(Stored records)
=== Section Start ===

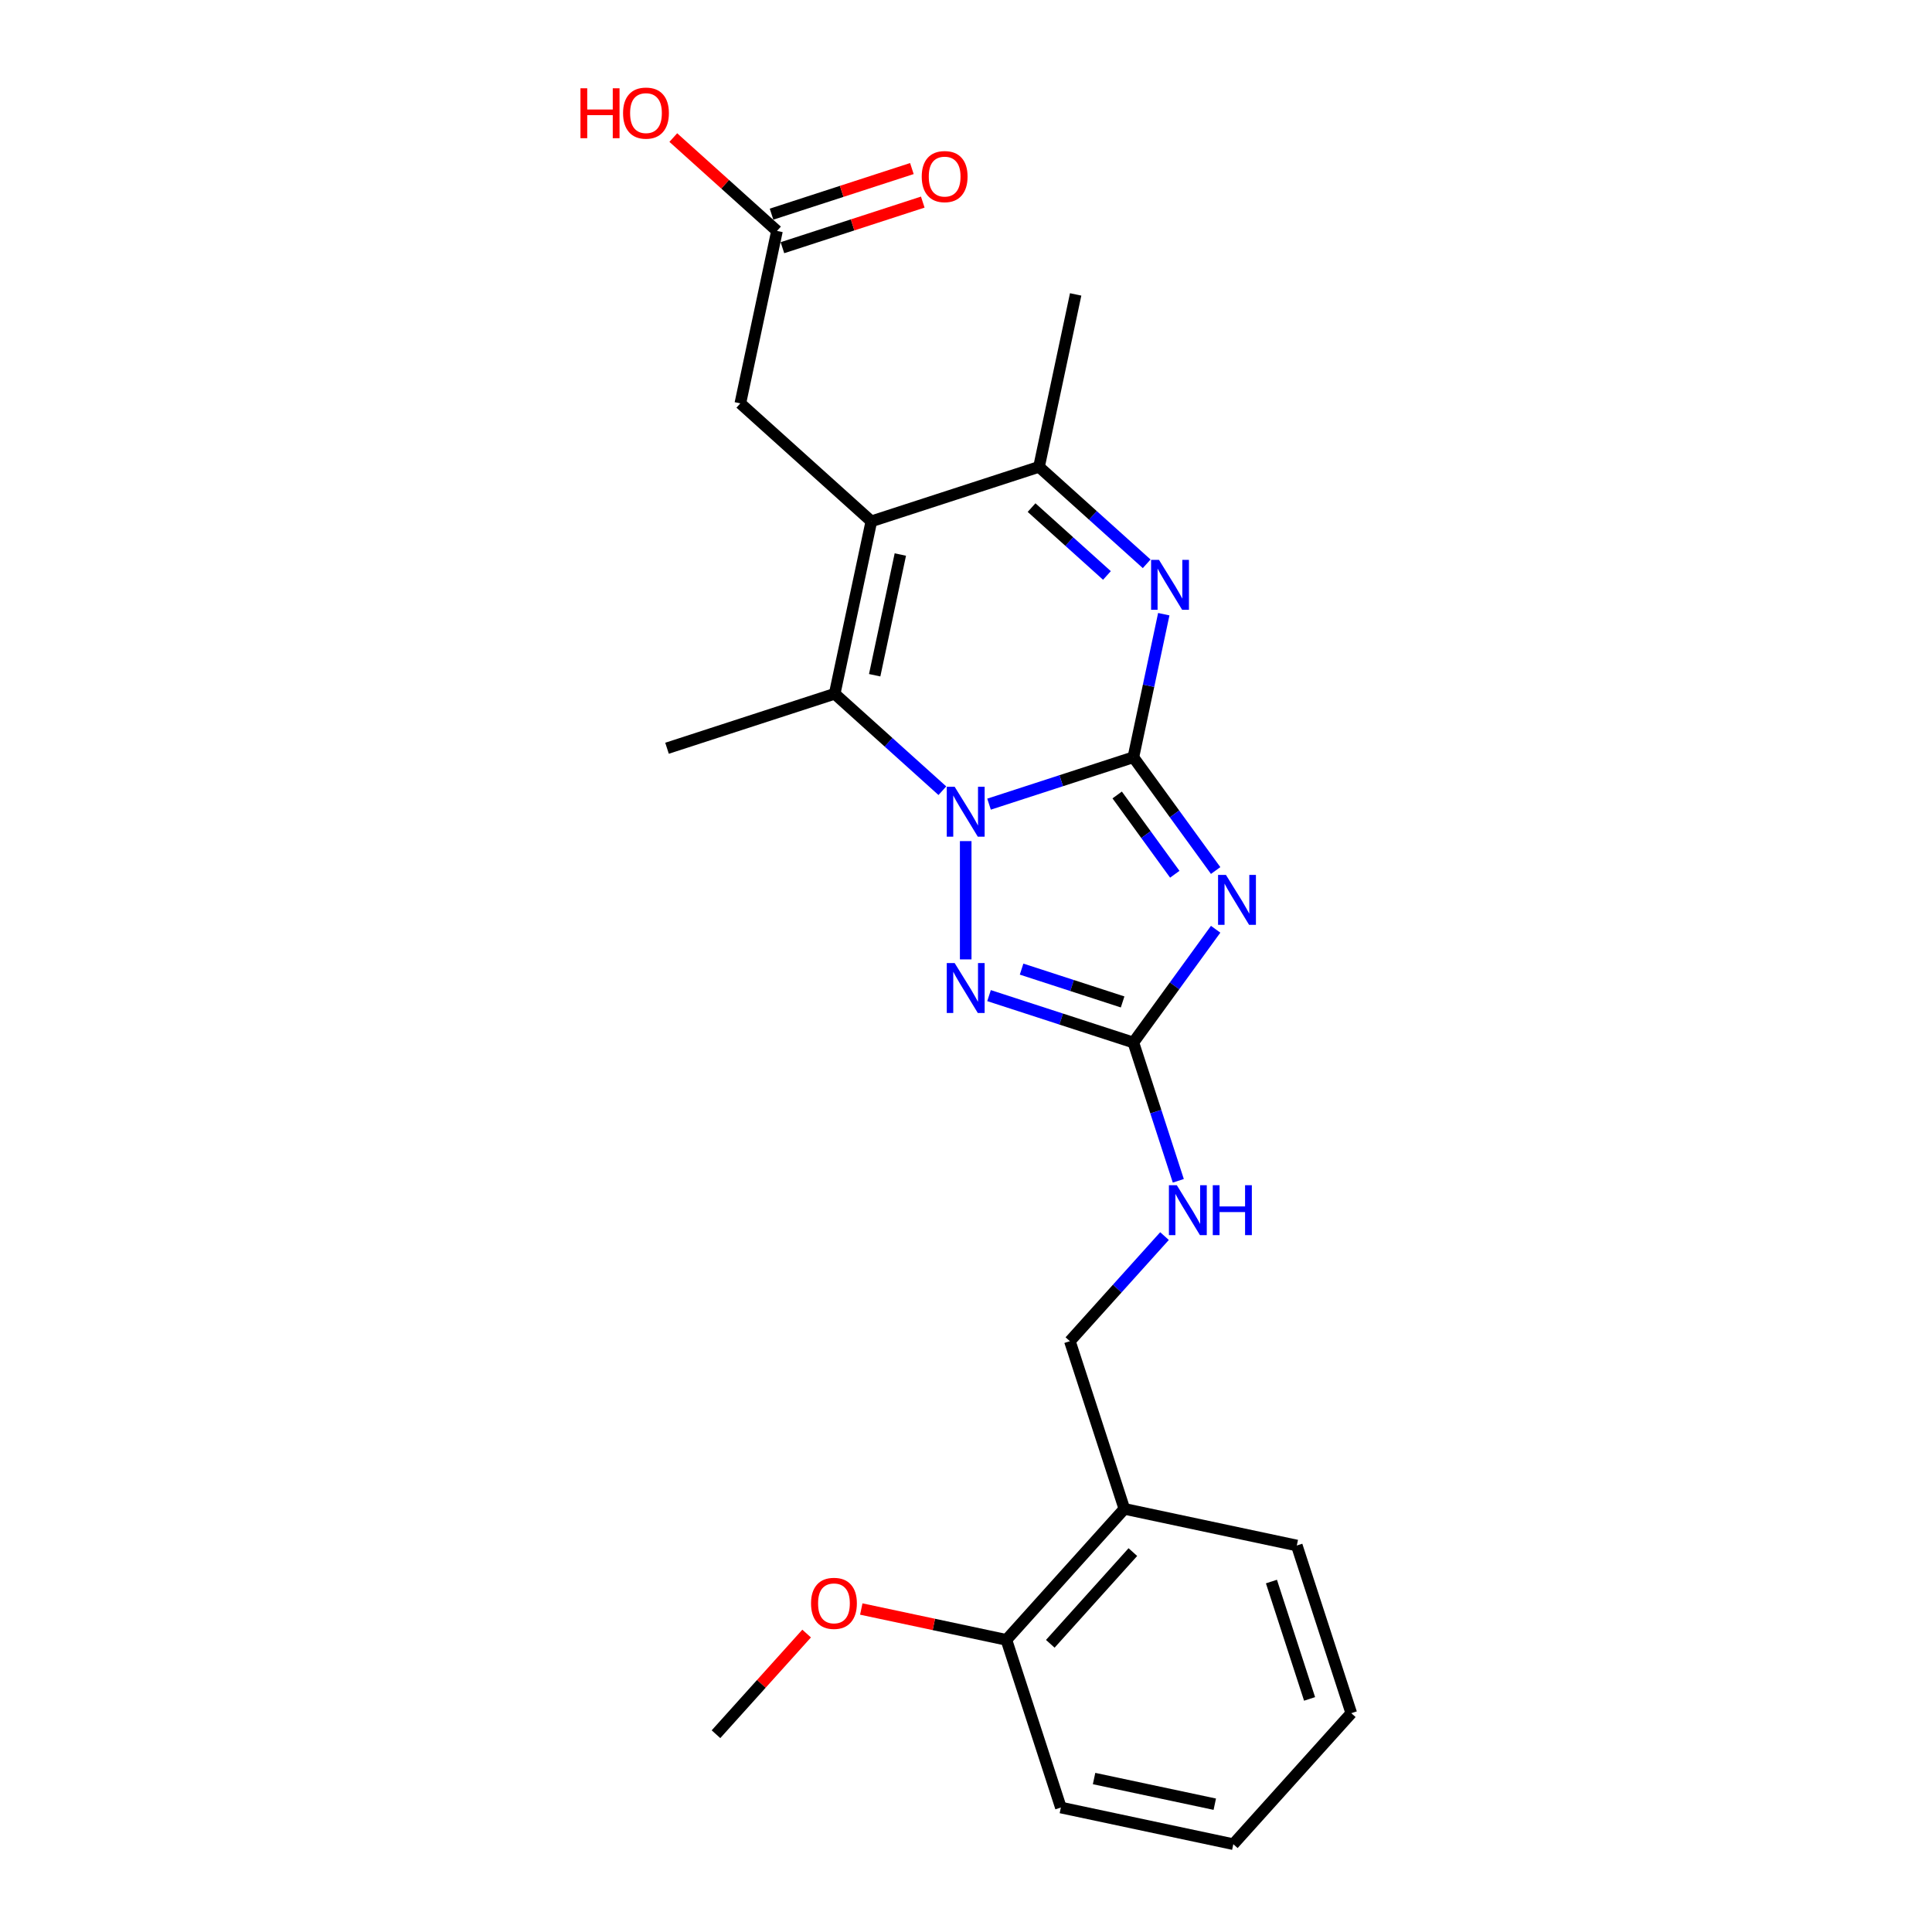 <?xml version='1.0' encoding='iso-8859-1'?>
<svg version='1.1' baseProfile='full'
              xmlns='http://www.w3.org/2000/svg'
                      xmlns:rdkit='http://www.rdkit.org/xml'
                      xmlns:xlink='http://www.w3.org/1999/xlink'
                  xml:space='preserve'
width='1000px' height='1000px' viewBox='0 0 1000 1000'>
<!-- END OF HEADER -->
<rect style='opacity:1.0;fill:#FFFFFF;stroke:none' width='1000' height='1000' x='0' y='0'> </rect>
<path class='bond-0' d='M 586.629,391.956 L 549.278,404.092' style='fill:none;fill-rule:evenodd;stroke:#000000;stroke-width:6px;stroke-linecap:butt;stroke-linejoin:miter;stroke-opacity:1' />
<path class='bond-0' d='M 549.278,404.092 L 511.927,416.228' style='fill:none;fill-rule:evenodd;stroke:#0000FF;stroke-width:6px;stroke-linecap:butt;stroke-linejoin:miter;stroke-opacity:1' />
<path class='bond-1' d='M 586.629,391.956 L 607.924,421.266' style='fill:none;fill-rule:evenodd;stroke:#000000;stroke-width:6px;stroke-linecap:butt;stroke-linejoin:miter;stroke-opacity:1' />
<path class='bond-1' d='M 607.924,421.266 L 629.219,450.576' style='fill:none;fill-rule:evenodd;stroke:#0000FF;stroke-width:6px;stroke-linecap:butt;stroke-linejoin:miter;stroke-opacity:1' />
<path class='bond-1' d='M 578.253,411.476 L 593.16,431.993' style='fill:none;fill-rule:evenodd;stroke:#000000;stroke-width:6px;stroke-linecap:butt;stroke-linejoin:miter;stroke-opacity:1' />
<path class='bond-1' d='M 593.16,431.993 L 608.066,452.51' style='fill:none;fill-rule:evenodd;stroke:#0000FF;stroke-width:6px;stroke-linecap:butt;stroke-linejoin:miter;stroke-opacity:1' />
<path class='bond-3' d='M 586.629,391.956 L 594.5,354.93' style='fill:none;fill-rule:evenodd;stroke:#000000;stroke-width:6px;stroke-linecap:butt;stroke-linejoin:miter;stroke-opacity:1' />
<path class='bond-3' d='M 594.5,354.93 L 602.37,317.903' style='fill:none;fill-rule:evenodd;stroke:#0000FF;stroke-width:6px;stroke-linecap:butt;stroke-linejoin:miter;stroke-opacity:1' />
<path class='bond-4' d='M 487.765,409.276 L 459.9,384.186' style='fill:none;fill-rule:evenodd;stroke:#0000FF;stroke-width:6px;stroke-linecap:butt;stroke-linejoin:miter;stroke-opacity:1' />
<path class='bond-4' d='M 459.9,384.186 L 432.035,359.096' style='fill:none;fill-rule:evenodd;stroke:#000000;stroke-width:6px;stroke-linecap:butt;stroke-linejoin:miter;stroke-opacity:1' />
<path class='bond-5' d='M 499.846,435.356 L 499.846,496.581' style='fill:none;fill-rule:evenodd;stroke:#0000FF;stroke-width:6px;stroke-linecap:butt;stroke-linejoin:miter;stroke-opacity:1' />
<path class='bond-6' d='M 629.219,480.981 L 607.924,510.291' style='fill:none;fill-rule:evenodd;stroke:#0000FF;stroke-width:6px;stroke-linecap:butt;stroke-linejoin:miter;stroke-opacity:1' />
<path class='bond-6' d='M 607.924,510.291 L 586.629,539.601' style='fill:none;fill-rule:evenodd;stroke:#000000;stroke-width:6px;stroke-linecap:butt;stroke-linejoin:miter;stroke-opacity:1' />
<path class='bond-2' d='M 451.006,269.841 L 537.79,241.643' style='fill:none;fill-rule:evenodd;stroke:#000000;stroke-width:6px;stroke-linecap:butt;stroke-linejoin:miter;stroke-opacity:1' />
<path class='bond-8' d='M 451.006,269.841 L 383.195,208.783' style='fill:none;fill-rule:evenodd;stroke:#000000;stroke-width:6px;stroke-linecap:butt;stroke-linejoin:miter;stroke-opacity:1' />
<path class='bond-25' d='M 451.006,269.841 L 432.035,359.096' style='fill:none;fill-rule:evenodd;stroke:#000000;stroke-width:6px;stroke-linecap:butt;stroke-linejoin:miter;stroke-opacity:1' />
<path class='bond-25' d='M 466.012,287.024 L 452.731,349.502' style='fill:none;fill-rule:evenodd;stroke:#000000;stroke-width:6px;stroke-linecap:butt;stroke-linejoin:miter;stroke-opacity:1' />
<path class='bond-7' d='M 593.52,291.823 L 565.655,266.733' style='fill:none;fill-rule:evenodd;stroke:#0000FF;stroke-width:6px;stroke-linecap:butt;stroke-linejoin:miter;stroke-opacity:1' />
<path class='bond-7' d='M 565.655,266.733 L 537.79,241.643' style='fill:none;fill-rule:evenodd;stroke:#000000;stroke-width:6px;stroke-linecap:butt;stroke-linejoin:miter;stroke-opacity:1' />
<path class='bond-7' d='M 572.949,297.858 L 553.443,280.295' style='fill:none;fill-rule:evenodd;stroke:#0000FF;stroke-width:6px;stroke-linecap:butt;stroke-linejoin:miter;stroke-opacity:1' />
<path class='bond-7' d='M 553.443,280.295 L 533.938,262.733' style='fill:none;fill-rule:evenodd;stroke:#000000;stroke-width:6px;stroke-linecap:butt;stroke-linejoin:miter;stroke-opacity:1' />
<path class='bond-15' d='M 432.035,359.096 L 345.251,387.294' style='fill:none;fill-rule:evenodd;stroke:#000000;stroke-width:6px;stroke-linecap:butt;stroke-linejoin:miter;stroke-opacity:1' />
<path class='bond-24' d='M 511.927,515.329 L 549.278,527.465' style='fill:none;fill-rule:evenodd;stroke:#0000FF;stroke-width:6px;stroke-linecap:butt;stroke-linejoin:miter;stroke-opacity:1' />
<path class='bond-24' d='M 549.278,527.465 L 586.629,539.601' style='fill:none;fill-rule:evenodd;stroke:#000000;stroke-width:6px;stroke-linecap:butt;stroke-linejoin:miter;stroke-opacity:1' />
<path class='bond-24' d='M 528.772,501.613 L 554.918,510.108' style='fill:none;fill-rule:evenodd;stroke:#0000FF;stroke-width:6px;stroke-linecap:butt;stroke-linejoin:miter;stroke-opacity:1' />
<path class='bond-24' d='M 554.918,510.108 L 581.064,518.603' style='fill:none;fill-rule:evenodd;stroke:#000000;stroke-width:6px;stroke-linecap:butt;stroke-linejoin:miter;stroke-opacity:1' />
<path class='bond-9' d='M 586.629,539.601 L 598.258,575.391' style='fill:none;fill-rule:evenodd;stroke:#000000;stroke-width:6px;stroke-linecap:butt;stroke-linejoin:miter;stroke-opacity:1' />
<path class='bond-9' d='M 598.258,575.391 L 609.887,611.182' style='fill:none;fill-rule:evenodd;stroke:#0000FF;stroke-width:6px;stroke-linecap:butt;stroke-linejoin:miter;stroke-opacity:1' />
<path class='bond-17' d='M 537.79,241.643 L 556.761,152.388' style='fill:none;fill-rule:evenodd;stroke:#000000;stroke-width:6px;stroke-linecap:butt;stroke-linejoin:miter;stroke-opacity:1' />
<path class='bond-10' d='M 383.195,208.783 L 402.167,119.528' style='fill:none;fill-rule:evenodd;stroke:#000000;stroke-width:6px;stroke-linecap:butt;stroke-linejoin:miter;stroke-opacity:1' />
<path class='bond-12' d='M 602.746,639.802 L 578.257,666.999' style='fill:none;fill-rule:evenodd;stroke:#0000FF;stroke-width:6px;stroke-linecap:butt;stroke-linejoin:miter;stroke-opacity:1' />
<path class='bond-12' d='M 578.257,666.999 L 553.769,694.196' style='fill:none;fill-rule:evenodd;stroke:#000000;stroke-width:6px;stroke-linecap:butt;stroke-linejoin:miter;stroke-opacity:1' />
<path class='bond-14' d='M 404.986,128.206 L 441.306,116.405' style='fill:none;fill-rule:evenodd;stroke:#000000;stroke-width:6px;stroke-linecap:butt;stroke-linejoin:miter;stroke-opacity:1' />
<path class='bond-14' d='M 441.306,116.405 L 477.626,104.604' style='fill:none;fill-rule:evenodd;stroke:#FF0000;stroke-width:6px;stroke-linecap:butt;stroke-linejoin:miter;stroke-opacity:1' />
<path class='bond-14' d='M 399.347,110.849 L 435.667,99.049' style='fill:none;fill-rule:evenodd;stroke:#000000;stroke-width:6px;stroke-linecap:butt;stroke-linejoin:miter;stroke-opacity:1' />
<path class='bond-14' d='M 435.667,99.049 L 471.987,87.247' style='fill:none;fill-rule:evenodd;stroke:#FF0000;stroke-width:6px;stroke-linecap:butt;stroke-linejoin:miter;stroke-opacity:1' />
<path class='bond-16' d='M 402.167,119.528 L 375.333,95.367' style='fill:none;fill-rule:evenodd;stroke:#000000;stroke-width:6px;stroke-linecap:butt;stroke-linejoin:miter;stroke-opacity:1' />
<path class='bond-16' d='M 375.333,95.367 L 348.499,71.205' style='fill:none;fill-rule:evenodd;stroke:#FF0000;stroke-width:6px;stroke-linecap:butt;stroke-linejoin:miter;stroke-opacity:1' />
<path class='bond-11' d='M 581.967,780.979 L 553.769,694.196' style='fill:none;fill-rule:evenodd;stroke:#000000;stroke-width:6px;stroke-linecap:butt;stroke-linejoin:miter;stroke-opacity:1' />
<path class='bond-13' d='M 581.967,780.979 L 520.909,848.79' style='fill:none;fill-rule:evenodd;stroke:#000000;stroke-width:6px;stroke-linecap:butt;stroke-linejoin:miter;stroke-opacity:1' />
<path class='bond-13' d='M 586.37,803.362 L 543.63,850.83' style='fill:none;fill-rule:evenodd;stroke:#000000;stroke-width:6px;stroke-linecap:butt;stroke-linejoin:miter;stroke-opacity:1' />
<path class='bond-19' d='M 581.967,780.979 L 671.222,799.951' style='fill:none;fill-rule:evenodd;stroke:#000000;stroke-width:6px;stroke-linecap:butt;stroke-linejoin:miter;stroke-opacity:1' />
<path class='bond-18' d='M 520.909,848.79 L 483.353,840.808' style='fill:none;fill-rule:evenodd;stroke:#000000;stroke-width:6px;stroke-linecap:butt;stroke-linejoin:miter;stroke-opacity:1' />
<path class='bond-18' d='M 483.353,840.808 L 445.797,832.825' style='fill:none;fill-rule:evenodd;stroke:#FF0000;stroke-width:6px;stroke-linecap:butt;stroke-linejoin:miter;stroke-opacity:1' />
<path class='bond-20' d='M 520.909,848.79 L 549.107,935.574' style='fill:none;fill-rule:evenodd;stroke:#000000;stroke-width:6px;stroke-linecap:butt;stroke-linejoin:miter;stroke-opacity:1' />
<path class='bond-21' d='M 417.51,845.527 L 394.053,871.578' style='fill:none;fill-rule:evenodd;stroke:#FF0000;stroke-width:6px;stroke-linecap:butt;stroke-linejoin:miter;stroke-opacity:1' />
<path class='bond-21' d='M 394.053,871.578 L 370.596,897.63' style='fill:none;fill-rule:evenodd;stroke:#000000;stroke-width:6px;stroke-linecap:butt;stroke-linejoin:miter;stroke-opacity:1' />
<path class='bond-22' d='M 671.222,799.951 L 699.42,886.734' style='fill:none;fill-rule:evenodd;stroke:#000000;stroke-width:6px;stroke-linecap:butt;stroke-linejoin:miter;stroke-opacity:1' />
<path class='bond-22' d='M 658.095,818.608 L 677.833,879.356' style='fill:none;fill-rule:evenodd;stroke:#000000;stroke-width:6px;stroke-linecap:butt;stroke-linejoin:miter;stroke-opacity:1' />
<path class='bond-26' d='M 549.107,935.574 L 638.362,954.545' style='fill:none;fill-rule:evenodd;stroke:#000000;stroke-width:6px;stroke-linecap:butt;stroke-linejoin:miter;stroke-opacity:1' />
<path class='bond-26' d='M 566.289,920.568 L 628.768,933.849' style='fill:none;fill-rule:evenodd;stroke:#000000;stroke-width:6px;stroke-linecap:butt;stroke-linejoin:miter;stroke-opacity:1' />
<path class='bond-23' d='M 699.42,886.734 L 638.362,954.545' style='fill:none;fill-rule:evenodd;stroke:#000000;stroke-width:6px;stroke-linecap:butt;stroke-linejoin:miter;stroke-opacity:1' />
<path  class='atom-1' d='M 494.134 407.233
L 502.602 420.92
Q 503.441 422.271, 504.792 424.716
Q 506.142 427.162, 506.215 427.308
L 506.215 407.233
L 509.646 407.233
L 509.646 433.075
L 506.106 433.075
L 497.017 418.11
Q 495.959 416.358, 494.827 414.35
Q 493.732 412.343, 493.404 411.722
L 493.404 433.075
L 490.046 433.075
L 490.046 407.233
L 494.134 407.233
' fill='#0000FF'/>
<path  class='atom-2' d='M 634.552 452.858
L 643.02 466.545
Q 643.86 467.896, 645.21 470.341
Q 646.561 472.787, 646.634 472.933
L 646.634 452.858
L 650.065 452.858
L 650.065 478.699
L 646.524 478.699
L 637.436 463.735
Q 636.377 461.983, 635.246 459.975
Q 634.151 457.968, 633.822 457.347
L 633.822 478.699
L 630.464 478.699
L 630.464 452.858
L 634.552 452.858
' fill='#0000FF'/>
<path  class='atom-4' d='M 599.889 289.78
L 608.357 303.467
Q 609.196 304.818, 610.547 307.263
Q 611.897 309.709, 611.97 309.855
L 611.97 289.78
L 615.401 289.78
L 615.401 315.622
L 611.861 315.622
L 602.772 300.657
Q 601.714 298.905, 600.582 296.898
Q 599.487 294.89, 599.159 294.27
L 599.159 315.622
L 595.801 315.622
L 595.801 289.78
L 599.889 289.78
' fill='#0000FF'/>
<path  class='atom-6' d='M 494.134 498.482
L 502.602 512.17
Q 503.441 513.52, 504.792 515.966
Q 506.142 518.411, 506.215 518.557
L 506.215 498.482
L 509.646 498.482
L 509.646 524.324
L 506.106 524.324
L 497.017 509.359
Q 495.959 507.607, 494.827 505.6
Q 493.732 503.592, 493.404 502.972
L 493.404 524.324
L 490.046 524.324
L 490.046 498.482
L 494.134 498.482
' fill='#0000FF'/>
<path  class='atom-10' d='M 609.115 613.463
L 617.583 627.151
Q 618.422 628.501, 619.773 630.947
Q 621.123 633.392, 621.196 633.538
L 621.196 613.463
L 624.627 613.463
L 624.627 639.305
L 621.087 639.305
L 611.998 624.34
Q 610.94 622.588, 609.808 620.581
Q 608.713 618.573, 608.385 617.953
L 608.385 639.305
L 605.027 639.305
L 605.027 613.463
L 609.115 613.463
' fill='#0000FF'/>
<path  class='atom-10' d='M 627.73 613.463
L 631.234 613.463
L 631.234 624.45
L 644.446 624.45
L 644.446 613.463
L 647.95 613.463
L 647.95 639.305
L 644.446 639.305
L 644.446 627.37
L 631.234 627.37
L 631.234 639.305
L 627.73 639.305
L 627.73 613.463
' fill='#0000FF'/>
<path  class='atom-15' d='M 477.088 91.403
Q 477.088 85.198, 480.154 81.731
Q 483.22 78.263, 488.95 78.263
Q 494.68 78.263, 497.746 81.731
Q 500.812 85.198, 500.812 91.403
Q 500.812 97.681, 497.71 101.258
Q 494.607 104.799, 488.95 104.799
Q 483.256 104.799, 480.154 101.258
Q 477.088 97.718, 477.088 91.403
M 488.95 101.879
Q 492.892 101.879, 495.009 99.251
Q 497.162 96.586, 497.162 91.403
Q 497.162 86.33, 495.009 83.775
Q 492.892 81.183, 488.95 81.183
Q 485.008 81.183, 482.855 83.738
Q 480.738 86.293, 480.738 91.403
Q 480.738 96.623, 482.855 99.251
Q 485.008 101.879, 488.95 101.879
' fill='#FF0000'/>
<path  class='atom-17' d='M 300.447 45.695
L 303.951 45.695
L 303.951 56.682
L 317.164 56.682
L 317.164 45.695
L 320.668 45.695
L 320.668 71.537
L 317.164 71.537
L 317.164 59.602
L 303.951 59.602
L 303.951 71.537
L 300.447 71.537
L 300.447 45.695
' fill='#FF0000'/>
<path  class='atom-17' d='M 322.493 58.543
Q 322.493 52.338, 325.559 48.871
Q 328.625 45.403, 334.355 45.403
Q 340.086 45.403, 343.152 48.871
Q 346.218 52.338, 346.218 58.543
Q 346.218 64.821, 343.115 68.398
Q 340.013 71.939, 334.355 71.939
Q 328.661 71.939, 325.559 68.398
Q 322.493 64.858, 322.493 58.543
M 334.355 69.019
Q 338.297 69.019, 340.414 66.391
Q 342.568 63.726, 342.568 58.543
Q 342.568 53.47, 340.414 50.915
Q 338.297 48.323, 334.355 48.323
Q 330.413 48.323, 328.26 50.878
Q 326.143 53.433, 326.143 58.543
Q 326.143 63.763, 328.26 66.391
Q 330.413 69.019, 334.355 69.019
' fill='#FF0000'/>
<path  class='atom-19' d='M 419.791 829.892
Q 419.791 823.687, 422.857 820.219
Q 425.923 816.752, 431.654 816.752
Q 437.384 816.752, 440.45 820.219
Q 443.516 823.687, 443.516 829.892
Q 443.516 836.17, 440.414 839.746
Q 437.311 843.287, 431.654 843.287
Q 425.96 843.287, 422.857 839.746
Q 419.791 836.206, 419.791 829.892
M 431.654 840.367
Q 435.596 840.367, 437.713 837.739
Q 439.866 835.075, 439.866 829.892
Q 439.866 824.818, 437.713 822.263
Q 435.596 819.672, 431.654 819.672
Q 427.712 819.672, 425.558 822.227
Q 423.441 824.782, 423.441 829.892
Q 423.441 835.111, 425.558 837.739
Q 427.712 840.367, 431.654 840.367
' fill='#FF0000'/>
</svg>

=== Section End ===

(Task details)
What are the lines, exactly as written above, from the line with "L 494.134 407.233" to the line with "L 633.822 478.699", both included? Output only those.

(Your solution)
L 494.134 407.233
' fill='#0000FF'/>
<path  class='atom-2' d='M 634.552 452.858
L 643.02 466.545
Q 643.86 467.896, 645.21 470.341
Q 646.561 472.787, 646.634 472.933
L 646.634 452.858
L 650.065 452.858
L 650.065 478.699
L 646.524 478.699
L 637.436 463.735
Q 636.377 461.983, 635.246 459.975
Q 634.151 457.968, 633.822 457.347
L 633.822 478.699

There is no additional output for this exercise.